La Clessidra d’Avorio
di Davide Cassia e Stefano Sampietro
Edizioni XII
pp. 322
€ 17,00
Prima di leggere La clessidra d’avorio, gli unici romanzi scritti a quattro mani con cui mi ero confrontato erano stati Il talismano e il seguito La casa del buio scritti dai maestri del brivido Stephen King e Peter Straub. Due libri, soprattutto il secondo, che alla fine non mi avevano lasciato nulla in particolare, al contrario di questo romanzo scritto da Davide Cassia e Stefano Sampietro che mi ha coinvolto, trascinato ed entusiasmato come non succedeva da tempo, forse da quando molti anni addietro lessi per la prima volta L’isola del tesoro di Stevenson.

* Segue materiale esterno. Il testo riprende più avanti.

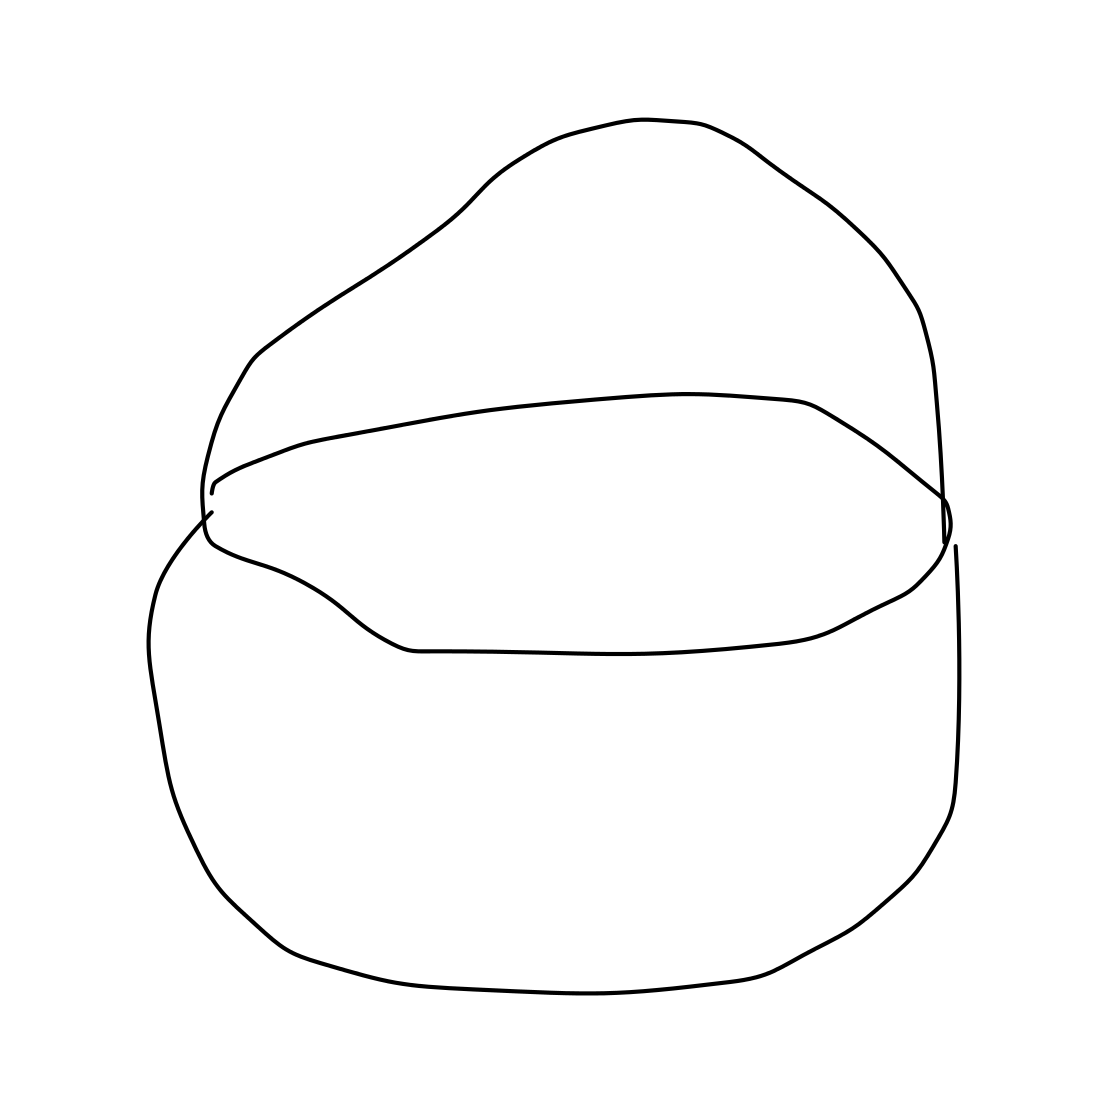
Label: basket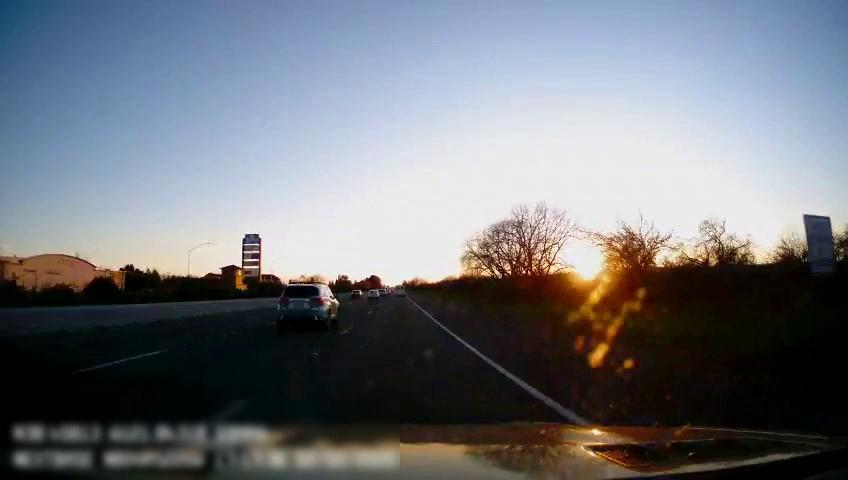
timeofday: Dusk/Dawn/Twilight
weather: Sunny
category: Drivable Space
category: Vehicles | Other LV
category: Vehicles | Car
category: Vehicles | SUV
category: Vehicles | Car
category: Lanes | Current Lane
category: Lanes | Alternate Lane
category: Lanes | Alternate Lane
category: Lanes | Alternate Lane
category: Traffic | Signs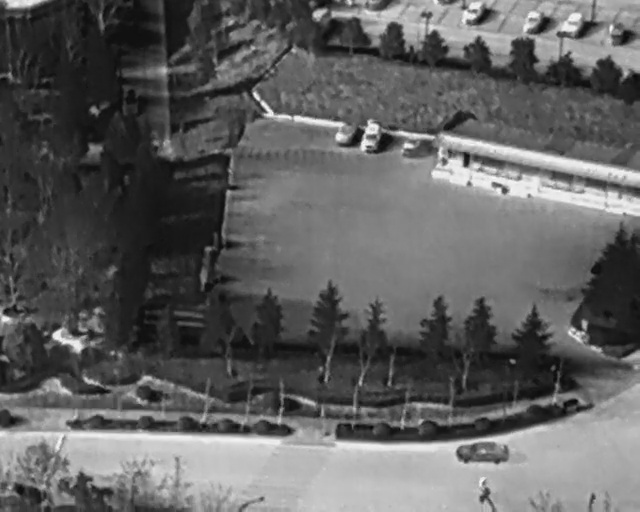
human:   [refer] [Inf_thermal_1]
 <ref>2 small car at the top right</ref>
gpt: <box>[[72, 0, 76, 4, 179], [81, 1, 85, 5, 2]]</box>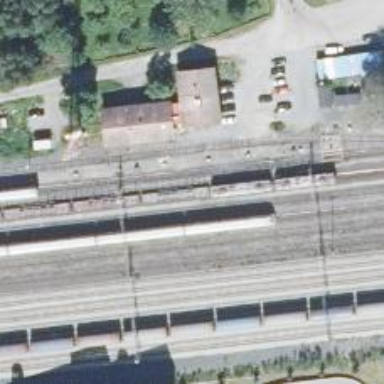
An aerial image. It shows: Continuous rail railway with electrified contact line.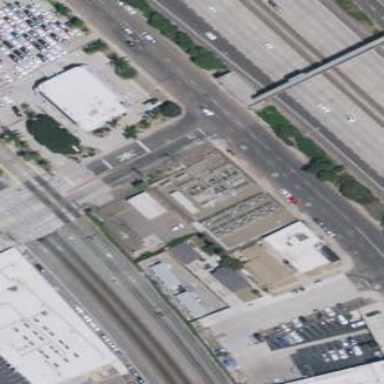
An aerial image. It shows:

La clessidra d’avorio è un libro straordinario, innanzitutto per il profondo e metodico lavoro di ricerca bibliografica e storica che c’è dietro, ma anche perché scritto egregiamente. La storia è appassionante, i personaggi incredibilmente reali, l’ambientazione affascinante e quasi palpabile e non mancano i colpi di scena, le fughe rocambolesche e gli inseguimenti stile cappa e spada. La ricerca di questo oggetto dotato di straordinari potere alchemici coinvolge fin dalle prima pagine, ci si affeziona immediatamente allo scettico Darius Berthier de Lasalle, a suo figlio Sebastien, al donnaiolo Moran de la Fuente, e li si segue nel loro viaggio sempre con l’ansia che possa succedergli qualcosa, che questa avventura possa riservargli spiacevoli sorprese. Un vecchio diario e un libro sul gioco degli scacchi sembrerebbero essere la via per ritrovare la clessidra, ma il viaggio sarà lungo e pieno di pericoli: da Parigi si arriverà a Bologna, poi a Firenze e infine a Roma, tempio del cristianesimo ma anche leone ferito dalla conquista napoleonica (la vicenda principale è infatti ambientata nel 1800), in un turbinio di vicende che piano piano sveleranno quale sia il reale interesse per questa reliquia e chi, oltre ai nostri eroi, è interessato a recuperarla.
Gli autori scelgono un triplice livello da cui raccontare la storia: il resoconto del diario dell’alchimista Giacomo Bandini (che piacere poter leggere l’italiano antico quando ormai la nostra lingua è inquinata da fastidiosi e improvvisati inglesismi), il primo a mettersi alla ricerca della clessidra; le vicende di Darius, del figlio Sebastien e di Moran spinti nella ricerca dallo spirito avventuriero di quest’ultimo; e infine un’occhiata viene gettata anche sui nostri giorni, dove il filo che tanti anni prima aveva legato i protagonisti del libro sembra non volersi spezzare nonostante i secoli passati. Un bellissimo libro, non smetto di ripeterlo, scritto con uno stile impeccabile, alcuni passi sono memorabili come anche i dialoghi sempre concreti, reali e mai scontati o superflui. Un’opera che ho letto con voracità, desideroso di arrivare alla fine per vedere svelati i misteri che avvolgono la clessidra. Uno di quei libri che quando finiscono ti lasciano qualcosa, un vuoto forse, una terribile nostalgia verso quei personaggi che vorresti tanto fossero reali.